После того как здесь гремело день и ночь, снаряды сверлили воздух, летая из-за бугров на займище и обратно, а самолеты проносились над чакановыми крышами, люди еще не успели надышаться, насытиться тишиной, спеленавшей и степь, и сады, и займище.

Вот и сумей после этого доказать людям, что им опять надо бросать все это и поскорее откочевывать к новым местам, где как будто бы ожидают их благополучие, спокойствие и долгожданное счастье. А что такое это благополучие и что такое счастье? С чем их теперь надо было сравнивать, какой придерживаться меры? И где она, та единственная для всех мера, которой надо держаться? Если, допустим, сравнивать с тем страшным годом, когда фронт перекатывался через станицу на восток, к Сталинграду и обратно от Сталинграда, на запад, то это одно. А если с тем десятилетием, когда уже опять, хоть и не в каждый двор и часто без руки или без ноги, но все-таки, повозвращались домой мужья и сыновья, сплели новые плетни и перекрыли обгоревшие крыши, привели на усадьбы буренок и насадили на склонах виноградные лозы, то уже другое. Зачем же и где после всего этого снова искать спокойствие и благополучие, которое все равно не кому-нибудь, а самому же и надо будет опять наживать, устраивать, окоренять на новом месте? И сколько раз снова и снова можно начинать жизнь?

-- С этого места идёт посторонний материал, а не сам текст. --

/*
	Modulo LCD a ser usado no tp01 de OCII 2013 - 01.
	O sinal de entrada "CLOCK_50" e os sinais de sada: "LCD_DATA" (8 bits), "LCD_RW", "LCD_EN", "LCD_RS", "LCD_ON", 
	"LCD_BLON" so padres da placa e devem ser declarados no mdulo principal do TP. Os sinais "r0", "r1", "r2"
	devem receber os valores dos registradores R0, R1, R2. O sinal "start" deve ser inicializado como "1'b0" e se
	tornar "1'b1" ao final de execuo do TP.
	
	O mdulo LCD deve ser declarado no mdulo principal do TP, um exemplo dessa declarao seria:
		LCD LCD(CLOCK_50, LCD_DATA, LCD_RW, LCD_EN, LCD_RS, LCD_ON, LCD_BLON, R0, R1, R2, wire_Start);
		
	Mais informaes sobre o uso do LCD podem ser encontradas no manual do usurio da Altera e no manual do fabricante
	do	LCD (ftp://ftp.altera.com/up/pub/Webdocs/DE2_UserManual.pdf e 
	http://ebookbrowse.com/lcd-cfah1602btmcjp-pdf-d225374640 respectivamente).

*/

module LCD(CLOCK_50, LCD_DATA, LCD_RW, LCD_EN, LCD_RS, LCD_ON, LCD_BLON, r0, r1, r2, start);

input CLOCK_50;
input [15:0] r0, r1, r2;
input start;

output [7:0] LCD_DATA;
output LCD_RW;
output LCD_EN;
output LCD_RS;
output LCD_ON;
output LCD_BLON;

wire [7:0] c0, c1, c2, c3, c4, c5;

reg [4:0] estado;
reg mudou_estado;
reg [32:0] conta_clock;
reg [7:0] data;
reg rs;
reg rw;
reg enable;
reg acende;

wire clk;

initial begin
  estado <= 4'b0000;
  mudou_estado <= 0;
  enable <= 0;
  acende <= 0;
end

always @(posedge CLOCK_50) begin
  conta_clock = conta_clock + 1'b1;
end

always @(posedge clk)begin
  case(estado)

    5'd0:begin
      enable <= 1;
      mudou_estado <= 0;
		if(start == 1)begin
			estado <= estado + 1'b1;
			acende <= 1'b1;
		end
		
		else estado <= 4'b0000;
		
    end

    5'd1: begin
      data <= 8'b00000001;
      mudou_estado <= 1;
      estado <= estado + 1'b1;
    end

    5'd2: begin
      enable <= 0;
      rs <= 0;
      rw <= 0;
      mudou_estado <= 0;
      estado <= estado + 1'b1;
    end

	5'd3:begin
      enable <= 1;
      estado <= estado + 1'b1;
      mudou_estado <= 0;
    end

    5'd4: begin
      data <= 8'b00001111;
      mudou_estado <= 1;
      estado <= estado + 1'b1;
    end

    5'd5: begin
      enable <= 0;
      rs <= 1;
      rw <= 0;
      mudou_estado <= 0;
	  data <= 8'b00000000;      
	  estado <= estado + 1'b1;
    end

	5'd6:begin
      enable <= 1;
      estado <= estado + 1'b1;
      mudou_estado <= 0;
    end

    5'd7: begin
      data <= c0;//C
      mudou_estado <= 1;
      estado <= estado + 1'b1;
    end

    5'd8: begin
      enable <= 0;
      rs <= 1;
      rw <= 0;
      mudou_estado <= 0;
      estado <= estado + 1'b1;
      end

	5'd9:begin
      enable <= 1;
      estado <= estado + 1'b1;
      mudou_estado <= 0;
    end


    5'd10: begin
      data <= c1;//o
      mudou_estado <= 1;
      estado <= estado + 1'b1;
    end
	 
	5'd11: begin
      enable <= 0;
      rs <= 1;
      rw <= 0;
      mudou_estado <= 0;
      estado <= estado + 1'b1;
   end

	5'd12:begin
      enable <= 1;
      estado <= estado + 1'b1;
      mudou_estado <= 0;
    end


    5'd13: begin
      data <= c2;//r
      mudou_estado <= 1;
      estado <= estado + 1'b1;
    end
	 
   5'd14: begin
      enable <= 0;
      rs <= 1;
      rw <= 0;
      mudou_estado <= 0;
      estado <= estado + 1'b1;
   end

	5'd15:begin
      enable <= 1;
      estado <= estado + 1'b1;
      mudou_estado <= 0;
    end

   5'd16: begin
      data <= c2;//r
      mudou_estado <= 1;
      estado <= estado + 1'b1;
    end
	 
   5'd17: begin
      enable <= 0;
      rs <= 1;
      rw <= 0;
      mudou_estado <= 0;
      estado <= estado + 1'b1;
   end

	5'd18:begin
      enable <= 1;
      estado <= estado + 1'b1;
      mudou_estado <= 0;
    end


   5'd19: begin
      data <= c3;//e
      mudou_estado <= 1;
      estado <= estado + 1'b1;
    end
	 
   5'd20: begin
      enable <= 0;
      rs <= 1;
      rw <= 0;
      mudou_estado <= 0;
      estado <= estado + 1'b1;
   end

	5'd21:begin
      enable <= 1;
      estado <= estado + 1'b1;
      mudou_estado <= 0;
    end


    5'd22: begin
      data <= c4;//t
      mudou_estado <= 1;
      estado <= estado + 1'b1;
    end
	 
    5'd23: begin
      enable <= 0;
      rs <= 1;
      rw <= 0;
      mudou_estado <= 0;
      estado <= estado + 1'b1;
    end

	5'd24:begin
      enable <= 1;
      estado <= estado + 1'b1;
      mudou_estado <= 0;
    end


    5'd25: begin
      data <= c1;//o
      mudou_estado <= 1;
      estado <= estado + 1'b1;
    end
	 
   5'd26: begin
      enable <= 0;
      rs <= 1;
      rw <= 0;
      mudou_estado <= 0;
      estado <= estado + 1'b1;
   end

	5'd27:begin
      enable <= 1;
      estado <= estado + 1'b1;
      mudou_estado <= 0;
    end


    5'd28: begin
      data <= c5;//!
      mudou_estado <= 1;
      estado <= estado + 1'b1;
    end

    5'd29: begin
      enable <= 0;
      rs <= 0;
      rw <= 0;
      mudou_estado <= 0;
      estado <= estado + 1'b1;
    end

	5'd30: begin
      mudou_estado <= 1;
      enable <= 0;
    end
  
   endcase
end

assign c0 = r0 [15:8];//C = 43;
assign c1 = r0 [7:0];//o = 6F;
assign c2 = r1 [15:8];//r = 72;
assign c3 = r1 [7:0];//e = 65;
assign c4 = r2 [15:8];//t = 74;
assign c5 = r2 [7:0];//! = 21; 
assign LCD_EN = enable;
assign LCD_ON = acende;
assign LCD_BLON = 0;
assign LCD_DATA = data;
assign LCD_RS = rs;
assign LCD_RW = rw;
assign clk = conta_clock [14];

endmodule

Греков давно уже заметил, что в этом неизбежном и неотвратимом поглощении старого новым есть и своя скорбь. Вот и теперь далеко не все то, что уходило теперь под воду, стало уже ненужным, а тем более – постылым для этих людей.

Между тем вода подходила уже и к подножию Пятибратовых курганов, голубеющих восточнее станицы. Никто в Приваловской точно не знал, откуда произошло их название. То ли действительно похоронены были под ними пять братьев, погибших еще в глубокой древности в одном и том же бою. То ли оттого, что, полынно-серебряные, вровень вершина с вершиной, все они так были похожи друг на друга.

Не упоминалось об этом и в древних преданиях, в рассказах самых старых станичных жителей.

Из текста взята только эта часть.